§ EXERCISE DIRECTIONS
The entries follow. Print each one exactly.

§ AVAILABLE DATA
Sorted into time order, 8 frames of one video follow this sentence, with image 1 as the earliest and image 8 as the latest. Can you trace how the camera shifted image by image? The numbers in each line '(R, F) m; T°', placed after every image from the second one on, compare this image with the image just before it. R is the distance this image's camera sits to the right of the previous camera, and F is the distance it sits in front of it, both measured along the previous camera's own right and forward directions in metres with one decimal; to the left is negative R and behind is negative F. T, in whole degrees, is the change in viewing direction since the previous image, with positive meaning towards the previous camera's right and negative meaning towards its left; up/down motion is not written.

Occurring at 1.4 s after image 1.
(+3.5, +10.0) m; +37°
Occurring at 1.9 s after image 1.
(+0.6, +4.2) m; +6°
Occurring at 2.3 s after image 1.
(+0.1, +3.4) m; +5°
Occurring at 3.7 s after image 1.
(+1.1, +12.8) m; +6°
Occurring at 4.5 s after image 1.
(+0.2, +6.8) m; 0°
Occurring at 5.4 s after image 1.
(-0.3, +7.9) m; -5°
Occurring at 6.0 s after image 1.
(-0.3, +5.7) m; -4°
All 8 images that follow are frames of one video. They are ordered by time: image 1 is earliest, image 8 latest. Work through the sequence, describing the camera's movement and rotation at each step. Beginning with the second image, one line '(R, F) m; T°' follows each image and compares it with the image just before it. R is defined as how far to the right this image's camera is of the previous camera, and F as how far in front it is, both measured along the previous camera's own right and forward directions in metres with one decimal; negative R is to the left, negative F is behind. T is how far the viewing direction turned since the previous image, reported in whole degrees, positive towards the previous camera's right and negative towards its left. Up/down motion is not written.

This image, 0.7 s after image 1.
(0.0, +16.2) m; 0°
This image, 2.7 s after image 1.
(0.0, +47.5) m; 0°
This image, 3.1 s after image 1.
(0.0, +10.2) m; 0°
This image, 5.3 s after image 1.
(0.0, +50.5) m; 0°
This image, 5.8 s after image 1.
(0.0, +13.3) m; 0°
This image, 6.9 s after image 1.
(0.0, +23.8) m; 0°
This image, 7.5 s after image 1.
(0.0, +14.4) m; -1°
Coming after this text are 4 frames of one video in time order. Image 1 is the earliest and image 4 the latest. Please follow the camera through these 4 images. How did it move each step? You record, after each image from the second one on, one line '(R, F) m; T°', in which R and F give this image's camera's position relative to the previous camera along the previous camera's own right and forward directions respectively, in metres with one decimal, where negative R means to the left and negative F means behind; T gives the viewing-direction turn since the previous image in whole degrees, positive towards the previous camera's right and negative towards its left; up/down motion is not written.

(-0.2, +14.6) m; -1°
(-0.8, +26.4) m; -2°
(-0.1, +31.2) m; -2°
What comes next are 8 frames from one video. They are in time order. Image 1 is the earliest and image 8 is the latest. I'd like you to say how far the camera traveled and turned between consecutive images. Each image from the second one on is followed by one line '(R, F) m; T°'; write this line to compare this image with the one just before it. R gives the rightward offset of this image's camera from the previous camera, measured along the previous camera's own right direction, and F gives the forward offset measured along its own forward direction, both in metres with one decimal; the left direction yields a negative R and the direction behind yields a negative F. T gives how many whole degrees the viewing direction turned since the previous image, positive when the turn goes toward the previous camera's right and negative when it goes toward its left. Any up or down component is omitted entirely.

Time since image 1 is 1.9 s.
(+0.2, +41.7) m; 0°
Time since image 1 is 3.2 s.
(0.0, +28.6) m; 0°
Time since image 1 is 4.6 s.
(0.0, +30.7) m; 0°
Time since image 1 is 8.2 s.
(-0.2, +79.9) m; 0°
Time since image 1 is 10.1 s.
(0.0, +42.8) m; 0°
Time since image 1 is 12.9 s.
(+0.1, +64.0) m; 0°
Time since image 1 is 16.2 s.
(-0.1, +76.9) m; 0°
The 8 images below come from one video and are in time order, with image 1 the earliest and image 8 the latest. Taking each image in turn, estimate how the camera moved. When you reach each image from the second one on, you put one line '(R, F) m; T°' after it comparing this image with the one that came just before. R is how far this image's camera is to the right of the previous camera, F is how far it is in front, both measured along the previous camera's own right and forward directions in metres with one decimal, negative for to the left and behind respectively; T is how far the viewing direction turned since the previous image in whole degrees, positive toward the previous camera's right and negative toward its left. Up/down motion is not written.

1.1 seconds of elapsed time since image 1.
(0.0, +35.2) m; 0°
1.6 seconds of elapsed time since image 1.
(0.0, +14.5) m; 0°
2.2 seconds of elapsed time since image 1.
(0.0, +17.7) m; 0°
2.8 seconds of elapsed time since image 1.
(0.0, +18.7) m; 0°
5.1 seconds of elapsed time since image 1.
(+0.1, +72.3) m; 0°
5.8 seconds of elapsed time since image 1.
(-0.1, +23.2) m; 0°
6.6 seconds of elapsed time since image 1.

§ RESULT BELOW
Sorted into time order, 8 frames of one video follow this sentence, with image 1 as the earliest and image 8 as the latest. Can you trace how the camera shifted image by image? The numbers in each line '(R, F) m; T°', placed after every image from the second one on, compare this image with the image just before it. R is the distance this image's camera sits to the right of the previous camera, and F is the distance it sits in front of it, both measured along the previous camera's own right and forward directions in metres with one decimal; to the left is negative R and behind is negative F. T, in whole degrees, is the change in viewing direction since the previous image, with positive meaning towards the previous camera's right and negative meaning towards its left; up/down motion is not written.

Occurring at 1.4 s after image 1.
(+3.5, +10.0) m; +37°
Occurring at 1.9 s after image 1.
(+0.6, +4.2) m; +6°
Occurring at 2.3 s after image 1.
(+0.1, +3.4) m; +5°
Occurring at 3.7 s after image 1.
(+1.1, +12.8) m; +6°
Occurring at 4.5 s after image 1.
(+0.2, +6.8) m; 0°
Occurring at 5.4 s after image 1.
(-0.3, +7.9) m; -5°
Occurring at 6.0 s after image 1.
(-0.3, +5.7) m; -4°
All 8 images that follow are frames of one video. They are ordered by time: image 1 is earliest, image 8 latest. Work through the sequence, describing the camera's movement and rotation at each step. Beginning with the second image, one line '(R, F) m; T°' follows each image and compares it with the image just before it. R is defined as how far to the right this image's camera is of the previous camera, and F as how far in front it is, both measured along the previous camera's own right and forward directions in metres with one decimal; negative R is to the left, negative F is behind. T is how far the viewing direction turned since the previous image, reported in whole degrees, positive towards the previous camera's right and negative towards its left. Up/down motion is not written.

This image, 0.7 s after image 1.
(0.0, +16.2) m; 0°
This image, 2.7 s after image 1.
(0.0, +47.5) m; 0°
This image, 3.1 s after image 1.
(0.0, +10.2) m; 0°
This image, 5.3 s after image 1.
(0.0, +50.5) m; 0°
This image, 5.8 s after image 1.
(0.0, +13.3) m; 0°
This image, 6.9 s after image 1.
(0.0, +23.8) m; 0°
This image, 7.5 s after image 1.
(0.0, +14.4) m; -1°
Coming after this text are 4 frames of one video in time order. Image 1 is the earliest and image 4 the latest. Please follow the camera through these 4 images. How did it move each step? You record, after each image from the second one on, one line '(R, F) m; T°', in which R and F give this image's camera's position relative to the previous camera along the previous camera's own right and forward directions respectively, in metres with one decimal, where negative R means to the left and negative F means behind; T gives the viewing-direction turn since the previous image in whole degrees, positive towards the previous camera's right and negative towards its left; up/down motion is not written.

(-0.2, +14.6) m; -1°
(-0.8, +26.4) m; -2°
(-0.1, +31.2) m; -2°
What comes next are 8 frames from one video. They are in time order. Image 1 is the earliest and image 8 is the latest. I'd like you to say how far the camera traveled and turned between consecutive images. Each image from the second one on is followed by one line '(R, F) m; T°'; write this line to compare this image with the one just before it. R gives the rightward offset of this image's camera from the previous camera, measured along the previous camera's own right direction, and F gives the forward offset measured along its own forward direction, both in metres with one decimal; the left direction yields a negative R and the direction behind yields a negative F. T gives how many whole degrees the viewing direction turned since the previous image, positive when the turn goes toward the previous camera's right and negative when it goes toward its left. Any up or down component is omitted entirely.

Time since image 1 is 1.9 s.
(+0.2, +41.7) m; 0°
Time since image 1 is 3.2 s.
(0.0, +28.6) m; 0°
Time since image 1 is 4.6 s.
(0.0, +30.7) m; 0°
Time since image 1 is 8.2 s.
(-0.2, +79.9) m; 0°
Time since image 1 is 10.1 s.
(0.0, +42.8) m; 0°
Time since image 1 is 12.9 s.
(+0.1, +64.0) m; 0°
Time since image 1 is 16.2 s.
(-0.1, +76.9) m; 0°
The 8 images below come from one video and are in time order, with image 1 the earliest and image 8 the latest. Taking each image in turn, estimate how the camera moved. When you reach each image from the second one on, you put one line '(R, F) m; T°' after it comparing this image with the one that came just before. R is how far this image's camera is to the right of the previous camera, F is how far it is in front, both measured along the previous camera's own right and forward directions in metres with one decimal, negative for to the left and behind respectively; T is how far the viewing direction turned since the previous image in whole degrees, positive toward the previous camera's right and negative toward its left. Up/down motion is not written.

1.1 seconds of elapsed time since image 1.
(0.0, +35.2) m; 0°
1.6 seconds of elapsed time since image 1.
(0.0, +14.5) m; 0°
2.2 seconds of elapsed time since image 1.
(0.0, +17.7) m; 0°
2.8 seconds of elapsed time since image 1.
(0.0, +18.7) m; 0°
5.1 seconds of elapsed time since image 1.
(+0.1, +72.3) m; 0°
5.8 seconds of elapsed time since image 1.
(-0.1, +23.2) m; 0°
6.6 seconds of elapsed time since image 1.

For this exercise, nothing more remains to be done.